I was reading Atobe's game against Ryoma in the train the other day, and the first thing I did when I read about his "Tannhauser serve" was to comment to my friend sitting next to me, even if I knew she didn't care about PoT, because I just couldn't help myself: "That so reminds me of that famous last lines in Blade Runner, do you remember?" "No", she hadn't seen the movie.

Actually, I later learnt Tannhäuser is the name of a mythical German knight, and the title of an opera by Richard Wagner.

That's the most likely explanation, as Atobe seems to be a germanophile (Eins, zwei, eins, zwei, drei, vier...Hyooooutei, Hyooooutei...), so maybe I shouldn't try to see beyond that. But let me try.

That very day I returned home at night and made the hatehatehate post about how much I had hated Ryoma's behaviour and the decline and fall of the PoT fun. And the following day, while I was having a shower (WC + shower = inspiration boosters) it dawned upon me that, hey, Atobe being frozen on the spot exhausted to unconsciousness did resemble A LOT the way Roy Batty died in Blade Runner.

In case you haven't seen it but don't mind spoilers, Roy Batty is a replicant, to cut a story short, a kind of powerful and superior artificial human who has a life span of 4 years and who in the movie (as the book is almost completely different, I happened to read it a couple of months ago) is seeking for his creator to give him longer life. But nobody can do that and in the end Deckard,the blade runner, a replicant hunter in the skin of no less than Harrison Ford, finds and fights him in an attempt to eliminate him (something a bit meaningless as he is going to die anyway). Roy is much stronger and clever than him, so Decker is a bit powerless, but when the moment comes for Decker to fall from a window sill and die, Roy pulls him up and gives him that reflection on his life that has become part of sci-fi history and movie quotes favorites, before he completely stops moving, ceasing to function, dying in front of his enemy, whom he has allowed to live to bear witness of his last moments.



This is how the movie ending differs from that of the book: (source)

“I’ve seen things you people wouldn’t believe
Attack ships on fire off the shoulder of Orion
I’ve watched C-beams glitter in the dark near the Tannhauser Gate.
All those moments will be lost in time like tears in rain.”

In [the book] Do Androids Dream of Electric Sheep? the name is Roy Baty and this is his death scene.

“He shot Roy Baty; the big man’s corpse lashed about, toppled like an overstacked collection of separate, brittle entities; it smashed into the kitchen table and carried dishes and flatware down with it. Reflex circuits in the corpse made it twitch and flutter, but it had died…”

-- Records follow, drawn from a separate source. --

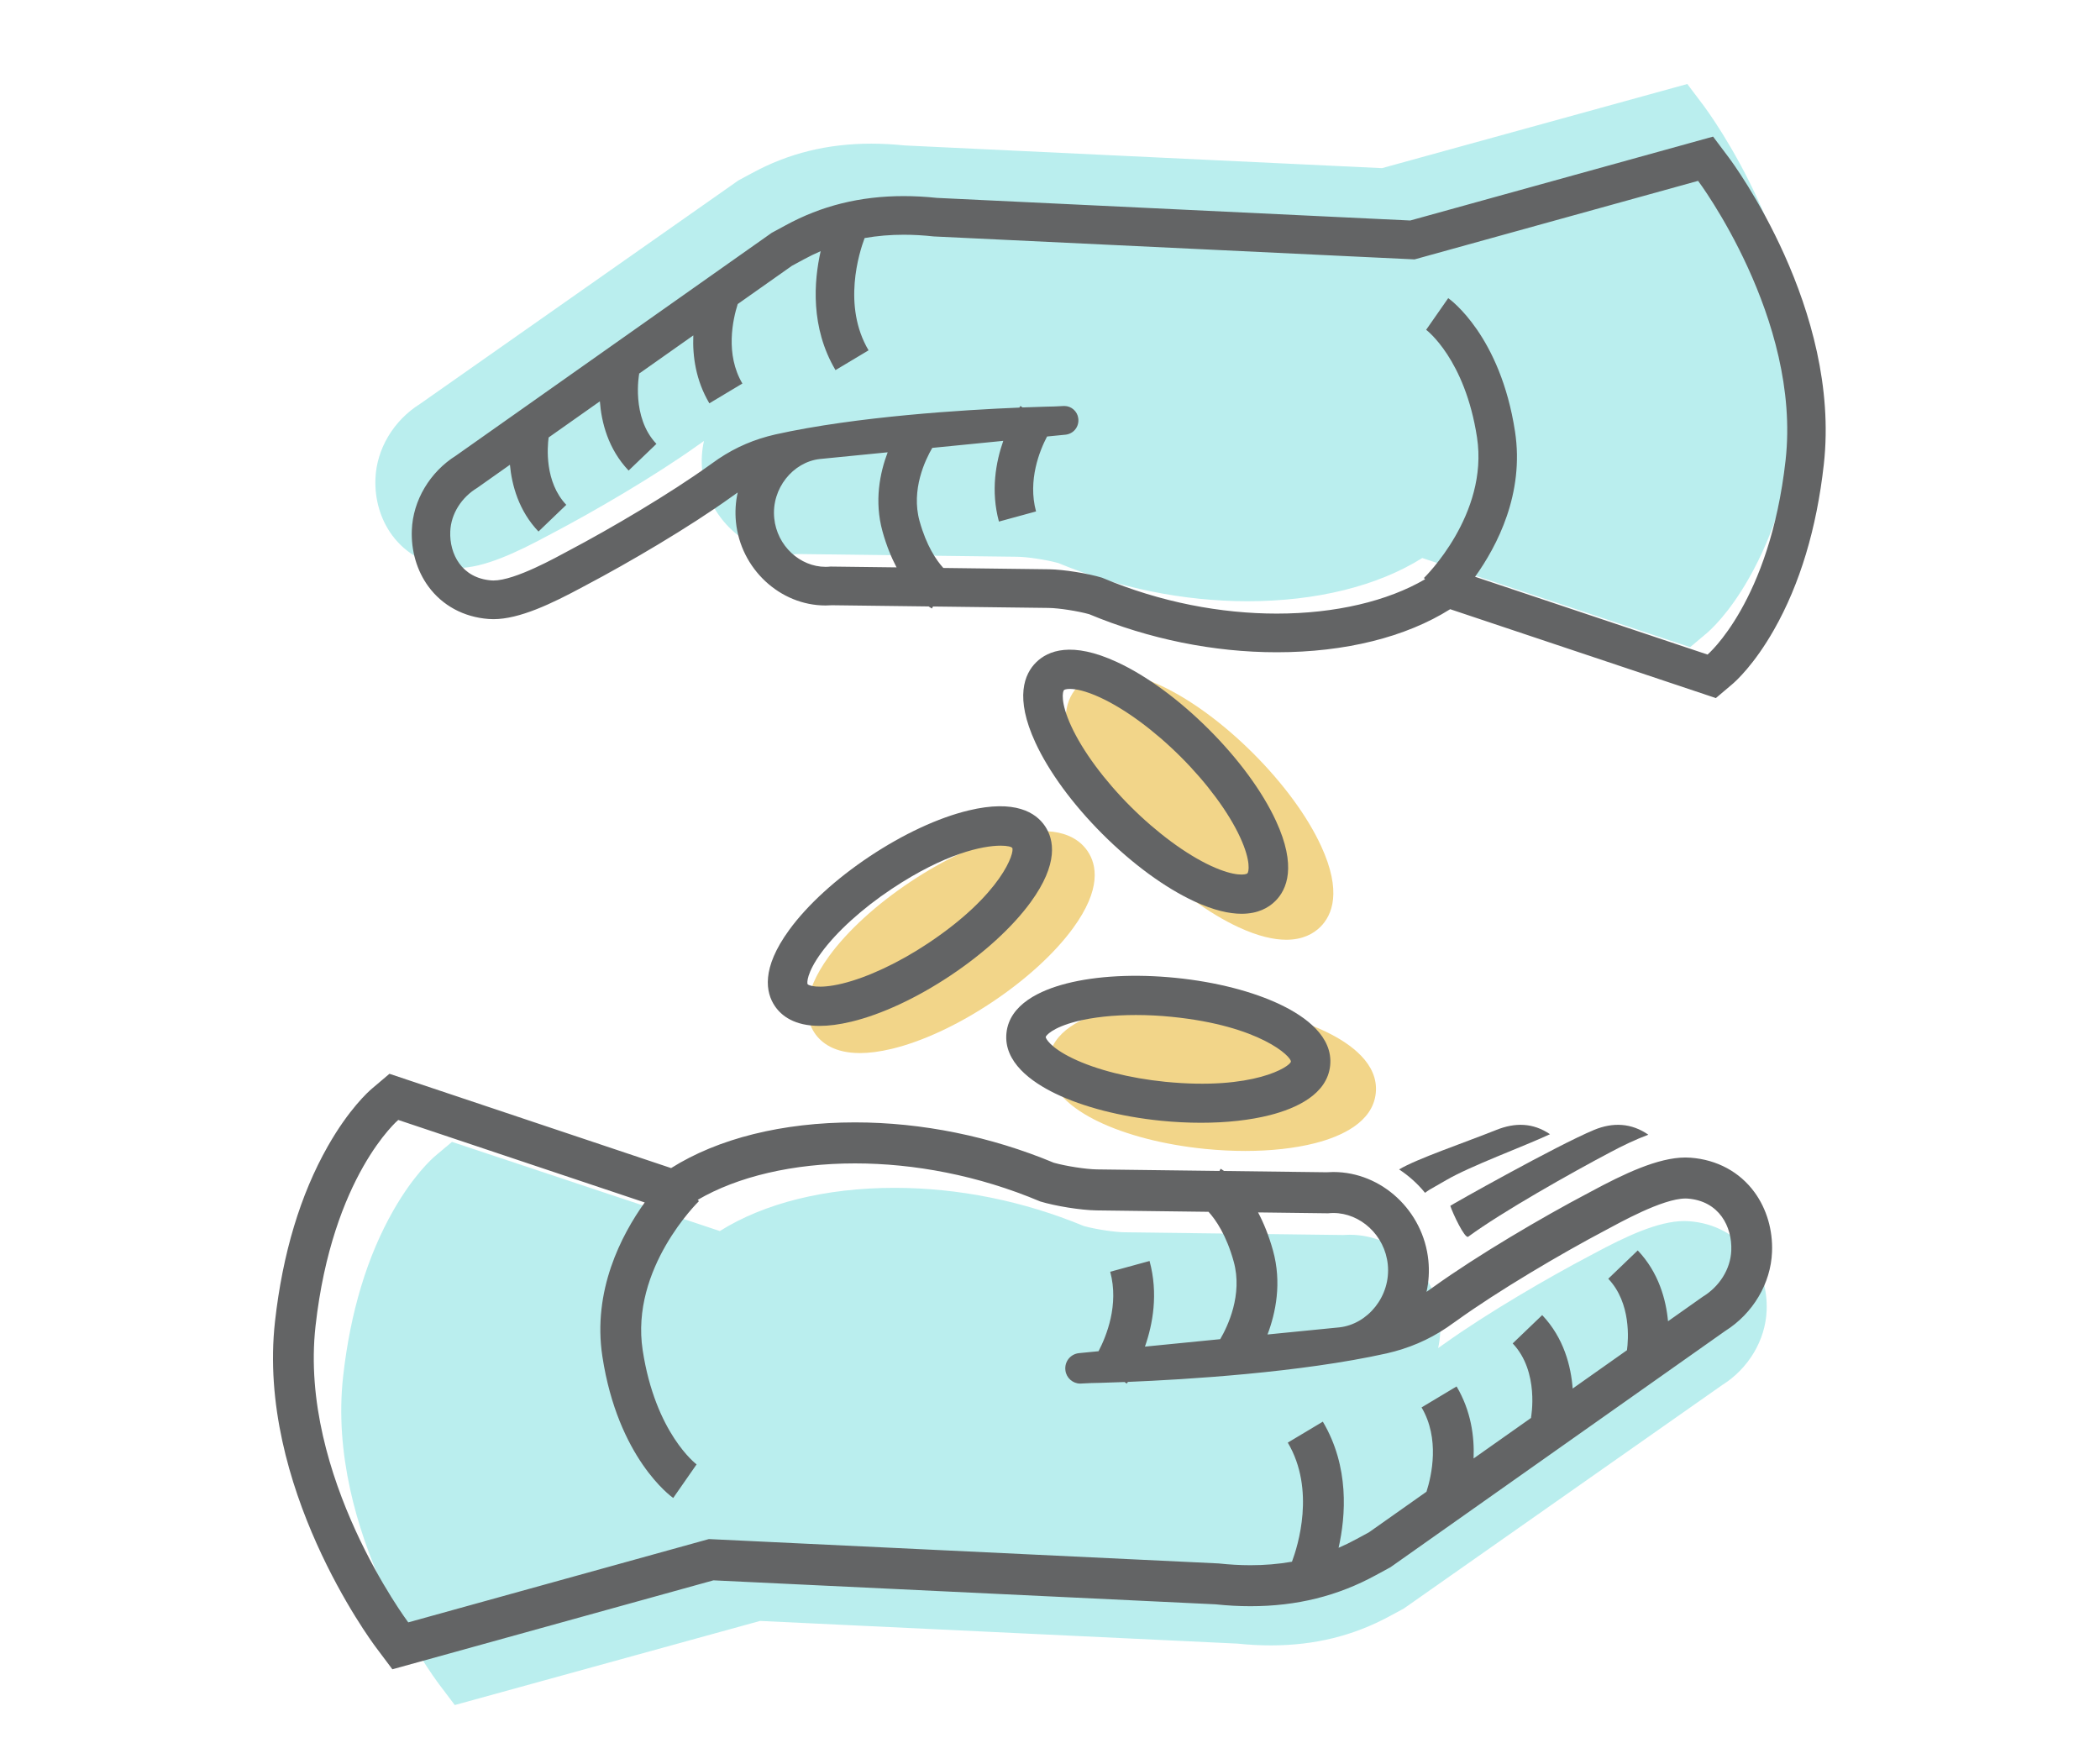 <svg width="100" height="84" viewBox="0 0 100 84" fill="none" xmlns="http://www.w3.org/2000/svg">
<path fill-rule="evenodd" clip-rule="evenodd" d="M58.98 44.154C59.917 44.588 60.662 44.75 61.252 44.75C62.035 44.75 62.545 44.463 62.87 44.143C63.44 43.58 63.91 42.454 62.907 40.281C62.258 38.873 61.11 37.308 59.676 35.874C58.241 34.441 56.672 33.292 55.258 32.638C53.075 31.628 51.937 32.087 51.367 32.649C50.797 33.211 50.328 34.337 51.33 36.51C51.98 37.919 53.127 39.484 54.562 40.917C55.996 42.35 57.565 43.5 58.98 44.154Z" fill="#F2D589"/>
<path fill-rule="evenodd" clip-rule="evenodd" d="M51.791 40.531C51.356 39.888 50.364 39.235 48.108 39.779C46.657 40.129 44.967 40.915 43.351 41.992C41.735 43.068 40.362 44.322 39.486 45.523C38.124 47.389 38.356 48.548 38.791 49.191C39.112 49.666 39.737 50.146 40.949 50.146C41.379 50.146 41.884 50.085 42.474 49.943C43.926 49.593 45.615 48.807 47.231 47.73C48.847 46.654 50.22 45.4 51.096 44.199C52.459 42.333 52.226 41.175 51.791 40.531" fill="#F2D589"/>
<path fill-rule="evenodd" clip-rule="evenodd" d="M63.16 49.14C61.817 48.491 60.011 48.026 58.075 47.832C56.138 47.638 54.275 47.735 52.828 48.105C51.587 48.422 50.078 49.093 49.936 50.49C49.794 51.886 51.138 52.844 52.289 53.401C53.632 54.05 55.438 54.515 57.375 54.709C58.028 54.774 58.672 54.807 59.296 54.807C60.52 54.807 61.662 54.681 62.621 54.437C63.862 54.119 65.371 53.448 65.513 52.051V52.051C65.655 50.655 64.312 49.697 63.16 49.14" fill="#F2D589"/>
<path fill-rule="evenodd" clip-rule="evenodd" d="M83.336 59.712C82.665 58.798 81.638 58.244 80.444 58.154C80.366 58.148 80.287 58.145 80.207 58.145C78.959 58.145 77.402 58.888 75.905 59.691C75.847 59.722 75.796 59.749 75.754 59.772C73.736 60.829 70.803 62.538 68.782 63.984C68.702 64.038 68.622 64.095 68.544 64.151C68.523 64.166 68.502 64.181 68.482 64.195C68.584 63.738 68.613 63.263 68.566 62.787C68.344 60.551 66.454 58.798 64.264 58.798H64.263C64.16 58.798 64.056 58.802 63.953 58.81L59.315 58.752C59.239 58.699 59.185 58.666 59.16 58.652L59.105 58.75L53.556 58.681C53.056 58.673 52.154 58.534 51.607 58.381C48.74 57.192 45.63 56.564 42.604 56.564C39.313 56.563 36.402 57.289 34.277 58.621L22.504 54.702L21.523 54.375L20.731 55.041C20.565 55.182 19.685 55.967 18.73 57.642C17.488 59.819 16.684 62.473 16.341 65.531C15.508 72.944 20.68 79.899 20.901 80.192L21.656 81.193L22.865 80.86L36.194 77.187L58.925 78.267C59.466 78.324 60 78.352 60.512 78.352C62.601 78.352 64.459 77.894 66.192 76.951L66.751 76.65L66.847 76.598L66.936 76.535L82.004 65.958C83.261 65.173 84.072 63.816 84.126 62.4C84.166 61.419 83.885 60.462 83.336 59.712" fill="#BAEEEE"/>
<path fill-rule="evenodd" clip-rule="evenodd" d="M18.668 25.481C19.338 26.396 20.366 26.949 21.56 27.04C21.638 27.046 21.717 27.048 21.797 27.048C23.044 27.049 24.602 26.305 26.099 25.502C26.157 25.471 26.208 25.444 26.25 25.422C28.268 24.365 31.201 22.655 33.222 21.209C33.302 21.155 33.382 21.098 33.459 21.043C33.48 21.028 33.501 21.013 33.522 20.998C33.42 21.456 33.391 21.93 33.438 22.406C33.66 24.642 35.55 26.395 37.74 26.395H37.741C37.844 26.395 37.948 26.391 38.051 26.383L42.689 26.441C42.765 26.495 42.819 26.527 42.843 26.541L42.899 26.444L48.448 26.512C48.948 26.52 49.85 26.66 50.397 26.812C53.263 28.001 56.374 28.63 59.4 28.63C62.691 28.63 65.602 27.905 67.727 26.572L79.5 30.492L80.481 30.818L81.272 30.152C81.439 30.012 82.319 29.227 83.274 27.551C84.516 25.375 85.32 22.721 85.663 19.663C86.496 12.249 81.324 5.294 81.103 5.001L80.348 4L79.139 4.333L65.81 8.007L43.079 6.926C42.538 6.87 42.004 6.841 41.492 6.841C39.403 6.841 37.545 7.299 35.812 8.242L35.253 8.543L35.157 8.595L35.068 8.658L20 19.235C18.743 20.021 17.932 21.378 17.878 22.793C17.838 23.775 18.118 24.731 18.668 25.481" fill="#BAEEEE"/>
<path fill-rule="evenodd" clip-rule="evenodd" d="M82.442 59.544C82.408 60.452 81.86 61.278 81.083 61.749L79.43 62.916C79.333 61.877 78.983 60.592 77.988 59.544L76.584 60.892C77.683 62.05 77.541 63.803 77.475 64.295L74.889 66.121C74.809 65.061 74.473 63.715 73.438 62.624L72.033 63.972C73.316 65.323 72.909 67.487 72.904 67.509L72.919 67.512L70.171 69.451C70.215 68.398 70.046 67.177 69.361 66.021L67.693 67.02C68.568 68.498 68.178 70.25 67.928 71.034L65.189 72.967L64.595 73.289C64.313 73.443 64.029 73.581 63.742 73.705C64.086 72.18 64.263 69.845 62.992 67.698L61.323 68.696C62.652 70.939 61.798 73.632 61.522 74.367C60.876 74.481 60.218 74.534 59.548 74.534C59.048 74.534 58.542 74.504 58.028 74.449L33.757 73.289L19.441 77.256C19.441 77.256 14.225 70.303 15.025 63.147C15.824 55.99 18.964 53.331 18.964 53.331L30.701 57.26C29.588 58.813 28.206 61.461 28.685 64.595C29.425 69.43 31.95 71.257 32.058 71.332L33.171 69.733C33.152 69.719 31.21 68.254 30.604 64.298C30.007 60.395 33.25 57.23 33.283 57.198L33.225 57.136C35.118 56.027 37.764 55.399 40.715 55.4C43.509 55.4 46.577 55.963 49.536 57.213C50.256 57.431 51.455 57.626 52.209 57.638L57.549 57.705C57.899 58.09 58.401 58.82 58.748 60.075C59.187 61.656 58.458 63.167 58.106 63.77L54.521 64.125C54.896 63.057 55.163 61.605 54.741 60.047L52.867 60.56C53.295 62.14 52.68 63.64 52.311 64.344L51.375 64.436C50.964 64.482 50.678 64.85 50.735 65.263C50.779 65.616 51.087 65.885 51.435 65.885C51.449 65.885 51.464 65.884 51.478 65.883L51.958 65.86C51.958 65.86 52.56 65.85 53.55 65.811L53.655 65.886C53.662 65.877 53.681 65.848 53.71 65.805C56.466 65.692 61.924 65.362 66.029 64.448C67.08 64.207 68.005 63.816 68.896 63.219C69.033 63.127 69.216 62.989 69.353 62.898C71.329 61.474 74.321 59.705 76.48 58.568C77.067 58.257 79.165 57.071 80.261 57.072C80.296 57.072 80.331 57.073 80.363 57.075C81.871 57.19 82.488 58.419 82.442 59.544V59.544ZM63.242 57.776C63.327 57.767 63.41 57.762 63.494 57.762C64.771 57.762 65.947 58.81 66.086 60.222C66.235 61.715 65.138 63.058 63.779 63.208L60.358 63.547C60.751 62.508 61.044 61.082 60.619 59.55C60.419 58.828 60.171 58.229 59.909 57.734L63.242 57.776ZM83.551 56.777C82.846 55.809 81.766 55.224 80.51 55.129C80.428 55.122 80.345 55.119 80.261 55.119C78.949 55.119 77.311 55.905 75.737 56.754C75.675 56.787 75.622 56.816 75.578 56.839C73.456 57.957 70.371 59.765 68.246 61.293C68.161 61.351 68.077 61.411 67.996 61.47C67.974 61.485 67.952 61.501 67.93 61.517C68.038 61.033 68.068 60.531 68.018 60.028C67.785 57.663 65.798 55.81 63.494 55.81H63.493C63.385 55.81 63.276 55.814 63.167 55.822L58.29 55.761C58.21 55.705 58.153 55.67 58.127 55.655L58.069 55.759L52.233 55.686C51.707 55.678 50.758 55.53 50.183 55.369C47.169 54.112 43.897 53.447 40.715 53.447C37.254 53.447 34.193 54.214 31.958 55.623L19.577 51.478L18.545 51.133L17.713 51.838C17.538 51.986 16.613 52.816 15.608 54.587C14.302 56.889 13.457 59.695 13.095 62.929C12.22 70.768 17.659 78.122 17.891 78.431L18.685 79.49L19.957 79.138L33.974 75.254L57.879 76.396C58.449 76.456 59.01 76.486 59.548 76.486C61.746 76.486 63.7 76.002 65.522 75.005L66.11 74.686L66.211 74.631L66.305 74.565L82.15 63.381C83.473 62.55 84.326 61.115 84.382 59.618C84.424 58.581 84.129 57.57 83.551 56.777V56.777Z" fill="#636465"/>
<path fill-rule="evenodd" clip-rule="evenodd" d="M67.859 56.801C67.927 56.755 67.996 56.697 68.076 56.651L68.875 56.192C70.04 55.514 72.53 54.607 73.809 54.01C72.998 53.459 72.147 53.45 71.262 53.803C69.734 54.414 67.442 55.191 66.625 55.687C67.093 55.997 67.504 56.364 67.859 56.801" fill="#636465"/>
<path fill-rule="evenodd" clip-rule="evenodd" d="M69.915 58.891C71.525 57.708 74.826 55.848 76.699 54.86C77.259 54.562 77.853 54.274 78.492 54.033C77.681 53.471 76.802 53.436 75.911 53.804C74.141 54.538 69.062 57.398 69.062 57.421C69.177 57.777 69.755 59.006 69.915 58.891Z" fill="#636465"/>
<path fill-rule="evenodd" clip-rule="evenodd" d="M21.441 25.311C21.473 24.456 21.99 23.676 22.723 23.233L24.282 22.132C24.374 23.112 24.703 24.323 25.642 25.311L26.966 24.04C25.93 22.949 26.063 21.296 26.125 20.832L28.565 19.111C28.64 20.11 28.957 21.379 29.934 22.408L31.258 21.137C30.049 19.863 30.433 17.822 30.437 17.802L30.423 17.799L33.015 15.971C32.973 16.963 33.133 18.115 33.779 19.205L35.352 18.263C34.527 16.869 34.894 15.218 35.13 14.478L37.714 12.655L38.274 12.352C38.54 12.207 38.808 12.077 39.079 11.96C38.754 13.398 38.587 15.599 39.786 17.624L41.36 16.682C40.107 14.567 40.912 12.029 41.172 11.336C41.782 11.229 42.402 11.178 43.034 11.178C43.505 11.178 43.983 11.206 44.468 11.259L67.36 12.352L80.862 8.612C80.862 8.612 85.782 15.167 85.028 21.915C84.273 28.663 81.312 31.17 81.312 31.17L70.242 27.465C71.292 26 72.596 23.504 72.144 20.55C71.446 15.991 69.064 14.268 68.963 14.197L67.912 15.705C67.931 15.718 69.763 17.1 70.334 20.829C70.897 24.509 67.838 27.494 67.807 27.523L67.862 27.582C66.076 28.627 63.581 29.22 60.797 29.219C58.162 29.219 55.268 28.688 52.477 27.509C51.799 27.304 50.667 27.12 49.956 27.109L44.92 27.046C44.59 26.682 44.116 25.994 43.788 24.811C43.375 23.32 44.062 21.895 44.394 21.328L47.775 20.993C47.422 21.999 47.17 23.368 47.568 24.837L49.335 24.354C48.932 22.864 49.512 21.449 49.86 20.786L50.743 20.699C51.131 20.655 51.4 20.309 51.346 19.919C51.305 19.586 51.015 19.333 50.686 19.333C50.673 19.333 50.659 19.334 50.646 19.334L50.194 19.356C50.194 19.356 49.626 19.366 48.691 19.402L48.592 19.332C48.586 19.341 48.568 19.368 48.541 19.409C45.941 19.515 40.794 19.826 36.921 20.688C35.93 20.915 35.058 21.284 34.218 21.846C34.088 21.933 33.916 22.063 33.787 22.15C31.923 23.492 29.1 25.16 27.064 26.232C26.511 26.526 24.532 27.643 23.498 27.643C23.465 27.643 23.433 27.642 23.402 27.639C21.98 27.531 21.398 26.372 21.441 25.311V25.311ZM39.55 26.979C39.471 26.988 39.391 26.992 39.312 26.992C38.108 26.992 36.999 26.004 36.868 24.673C36.727 23.265 37.762 21.998 39.044 21.857L42.27 21.538C41.899 22.517 41.624 23.862 42.024 25.306C42.213 25.986 42.447 26.552 42.693 27.018L39.55 26.979ZM20.395 27.921C21.06 28.833 22.078 29.385 23.263 29.475C23.34 29.481 23.419 29.484 23.498 29.484C24.736 29.484 26.28 28.743 27.765 27.942C27.823 27.911 27.873 27.884 27.915 27.862C29.917 26.808 32.826 25.103 34.831 23.662C34.91 23.608 34.989 23.551 35.066 23.496C35.087 23.481 35.108 23.466 35.128 23.452C35.027 23.908 34.998 24.381 35.045 24.856C35.265 27.085 37.14 28.832 39.312 28.832H39.313C39.415 28.832 39.518 28.828 39.621 28.821L44.221 28.878C44.296 28.931 44.35 28.964 44.374 28.978L44.43 28.881L49.934 28.949C50.43 28.957 51.324 29.096 51.867 29.248C54.71 30.433 57.796 31.06 60.797 31.06C64.061 31.06 66.948 30.337 69.056 29.009L80.734 32.916L81.707 33.242L82.492 32.578C82.657 32.438 83.53 31.655 84.478 29.985C85.71 27.815 86.507 25.169 86.848 22.12C87.674 14.729 82.543 7.795 82.324 7.503L81.575 6.505L80.376 6.837L67.155 10.5L44.608 9.423C44.071 9.366 43.542 9.338 43.034 9.338C40.962 9.338 39.119 9.794 37.4 10.734L36.845 11.035L36.75 11.086L36.661 11.149L21.716 21.694C20.469 22.477 19.664 23.83 19.611 25.242C19.571 26.22 19.849 27.173 20.395 27.921V27.921Z" fill="#636465"/>
<path fill-rule="evenodd" clip-rule="evenodd" d="M50.666 32.861C50.689 32.838 50.779 32.805 50.95 32.805C51.217 32.805 51.682 32.887 52.397 33.218C53.584 33.766 54.981 34.797 56.23 36.045C57.479 37.293 58.508 38.686 59.052 39.867C59.59 41.034 59.461 41.529 59.4 41.589L59.4 41.589C59.339 41.649 58.839 41.774 57.668 41.233C56.481 40.684 55.085 39.653 53.836 38.405C52.587 37.157 51.558 35.764 51.013 34.583C50.475 33.417 50.605 32.922 50.666 32.861M56.874 42.923C57.802 43.352 58.539 43.513 59.123 43.513C59.898 43.513 60.403 43.23 60.724 42.912C61.289 42.356 61.753 41.241 60.761 39.091C60.118 37.697 58.983 36.148 57.563 34.73C56.144 33.312 54.591 32.174 53.191 31.527C51.031 30.528 49.905 30.982 49.341 31.538C48.777 32.094 48.312 33.209 49.304 35.359C49.947 36.753 51.083 38.302 52.502 39.72C53.922 41.138 55.475 42.276 56.874 42.923Z" fill="#636465"/>
<path fill-rule="evenodd" clip-rule="evenodd" d="M44.202 44.913C42.803 45.845 41.307 46.547 40.098 46.839C38.934 47.119 38.491 46.917 38.458 46.868C38.425 46.819 38.404 46.335 39.106 45.372C39.836 44.372 41.057 43.264 42.457 42.332C45.004 40.635 46.799 40.27 47.65 40.27C47.978 40.27 48.165 40.324 48.201 40.377C48.33 40.569 47.73 42.563 44.202 44.913M49.761 39.337C49.331 38.701 48.349 38.055 46.117 38.594C44.68 38.94 43.009 39.718 41.409 40.783C39.81 41.848 38.452 43.089 37.585 44.277C36.236 46.124 36.467 47.271 36.897 47.907C37.215 48.377 37.833 48.852 39.033 48.852C39.458 48.852 39.957 48.792 40.542 48.651C41.978 48.305 43.65 47.527 45.249 46.462C46.849 45.397 48.207 44.156 49.074 42.968C50.422 41.121 50.192 39.974 49.761 39.337" fill="#636465"/>
<path fill-rule="evenodd" clip-rule="evenodd" d="M55.476 51.513C53.799 51.344 52.196 50.938 51.078 50.397C50.001 49.877 49.79 49.44 49.796 49.381C49.802 49.322 50.097 48.936 51.257 48.64C52.048 48.438 53.032 48.334 54.089 48.334C54.642 48.334 55.215 48.362 55.791 48.42C60.019 48.843 61.494 50.322 61.471 50.551C61.447 50.781 59.704 51.936 55.476 51.513M61.012 47.858C59.683 47.215 57.896 46.756 55.98 46.564C54.063 46.371 52.22 46.467 50.788 46.833C49.56 47.147 48.067 47.811 47.926 49.194C47.786 50.576 49.115 51.523 50.255 52.074C51.584 52.717 53.371 53.176 55.287 53.369C55.934 53.433 56.572 53.465 57.188 53.465C58.4 53.465 59.53 53.342 60.479 53.099C61.707 52.785 63.2 52.121 63.341 50.739V50.739C63.482 49.357 62.152 48.409 61.012 47.858" fill="#636465"/>
</svg>

The wonders of film adaptation.

Yes, well, it happens with manga and anime too, also for the better sometimes.

There is this interesting interpretation on him: (source)

Replicant Roy Batty beats the hell out of Deckard during a long, drawn-out battle (the fact that Deckard survives gives strong evidence to the "Deckard is a replicant" theory).

Having demonstrated that he's more than capable of the sort of animal brutality that's expected of his kind by most humans, Roy does not kill Deckard, instead he gives a poignant soliloquy and lies down to die at the end of his planned four-year lifespan. Roy displays the quality of empathy, and in so doing he embraces his humanity in the very moment that his existence ends.

Empathy, according to both the book and the movie, is the quality that makes humans human, in contrast to cyborgs and replicants.

(In the manga, Atobe shows more empathy in general than Ryoma, but that isn't the point now.)

What matters to me is the way he dies. He stops functioning, just like that, proud and glorious at the best of his life. Frozen but still powerful. Much like Atobe at the end of his game against Ryoma.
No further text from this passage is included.